Carbon dioxide emissions from the building sector rose around five percent in the last decade when they should have fallen 28 percent, according to a new report by the United Nations Environment Program (UNEP).

It said emissions had plateaued since 2023 as climate policies began to have an impact, particularly green building standards, the use of renewable energy and electrified heating and cooling.

But the building sector still consumes 32 percent of the world's energy and contributes 34 percent of CO2 emissions, the report found.

"The buildings where we work, shop and live account for a third of global emissions and a third of global waste," said Inger Andersen, Executive Director of UNEP.

"The good news is that government actions are working. But we must do more and do it faster."

She called on nations to include targets to "rapidly cut emissions from buildings and construction" in their climate plans.

The report said that while most of the countries that signed up to the 2015 Paris climate deal -- nearly 200 have signed -- mention the sector, so far only 19 countries have sufficiently detailed goals in their national carbon cutting plans.

The report said that as of 2023, important metrics like energy-related emissions and the adoption of renewable energy "remain well below required progress rates".

That means that countries, businesses and homeowners now need to dramatically pick up the pace to meet the 2030 emissions reduction targets.

- 'Critical challenge' -

Direct and indirect CO2 emissions will now need to fall more than 10 percent per year, more than double the originally envisaged pace.

The rollout of renewables is a similar story.

The share of renewables like solar and wind in final energy consumption rose by only 4.5 percentage points since 2015, well behind the goal of nearly 18 percentage points.

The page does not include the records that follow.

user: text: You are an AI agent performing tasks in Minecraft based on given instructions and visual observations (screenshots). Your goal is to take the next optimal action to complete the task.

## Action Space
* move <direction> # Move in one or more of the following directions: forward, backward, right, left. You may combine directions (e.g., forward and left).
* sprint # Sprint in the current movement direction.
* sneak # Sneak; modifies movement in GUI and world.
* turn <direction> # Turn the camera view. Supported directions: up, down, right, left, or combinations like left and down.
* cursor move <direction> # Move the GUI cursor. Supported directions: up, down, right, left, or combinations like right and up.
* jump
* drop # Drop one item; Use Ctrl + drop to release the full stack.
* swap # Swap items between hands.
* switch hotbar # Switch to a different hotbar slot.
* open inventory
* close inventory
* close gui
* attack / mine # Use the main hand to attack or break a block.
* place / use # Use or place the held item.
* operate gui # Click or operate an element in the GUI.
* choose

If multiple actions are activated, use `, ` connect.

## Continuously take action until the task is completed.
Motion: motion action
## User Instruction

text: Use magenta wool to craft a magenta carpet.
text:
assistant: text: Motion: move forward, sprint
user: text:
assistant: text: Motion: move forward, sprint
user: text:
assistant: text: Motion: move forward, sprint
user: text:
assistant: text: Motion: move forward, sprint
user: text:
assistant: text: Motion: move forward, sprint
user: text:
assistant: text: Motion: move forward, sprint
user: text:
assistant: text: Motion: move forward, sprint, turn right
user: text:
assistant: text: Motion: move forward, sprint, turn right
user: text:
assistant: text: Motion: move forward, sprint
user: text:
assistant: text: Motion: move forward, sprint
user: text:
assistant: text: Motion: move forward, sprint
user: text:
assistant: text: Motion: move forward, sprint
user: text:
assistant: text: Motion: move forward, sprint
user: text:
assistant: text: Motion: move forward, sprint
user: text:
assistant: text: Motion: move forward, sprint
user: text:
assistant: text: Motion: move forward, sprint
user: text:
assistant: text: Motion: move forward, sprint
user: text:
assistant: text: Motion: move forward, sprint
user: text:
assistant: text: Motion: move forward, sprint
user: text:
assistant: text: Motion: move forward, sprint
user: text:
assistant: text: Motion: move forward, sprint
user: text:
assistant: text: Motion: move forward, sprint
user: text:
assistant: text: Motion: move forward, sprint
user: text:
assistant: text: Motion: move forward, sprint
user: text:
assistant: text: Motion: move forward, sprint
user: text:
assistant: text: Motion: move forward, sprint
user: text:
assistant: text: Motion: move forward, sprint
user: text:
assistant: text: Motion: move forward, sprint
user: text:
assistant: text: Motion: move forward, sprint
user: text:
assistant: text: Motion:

That now needs to accelerate by a factor of seven to meet this decade's goal of tripling renewable energy use worldwide, UNEP said.

The report urged countries to accelerate the roll-out of renewable technologies and increase the share of renewables in the final energy mix to 46 percent by 2030 -- a rise of around 18 percent.

It also called on policymakers to increase energy efficiency retrofits to include better design, insulation and the use of renewables and heat pumps.

More work also needs to be done to improve the sustainability of materials like steel and cement, whose manufacture accounts for nearly a fifth of all emissions from the building sector.

But the report did say that circular construction practices were increasing in some areas, with recycled materials accounting for 18 percent of construction inputs in Europe.

The authors urged all major greenhouse gas emitters to take action by introducing zero-carbon building energy codes by 2028, and called on other countries to create and tighten their regulations within the next 10 years.

The report highlighted positive national policies from China, France, Germany, Mexico and South Africa among others.

But it said financing remained a "critical challenge".

In 2023, it found that global investment in energy efficiency in buildings fell seven percent from a year earlier to $270 billion, driven by higher borrowing costs and the winding back of government support programs, notably in Europe.

Those investments now need to double -- to $522 billion -- by 2030, it said.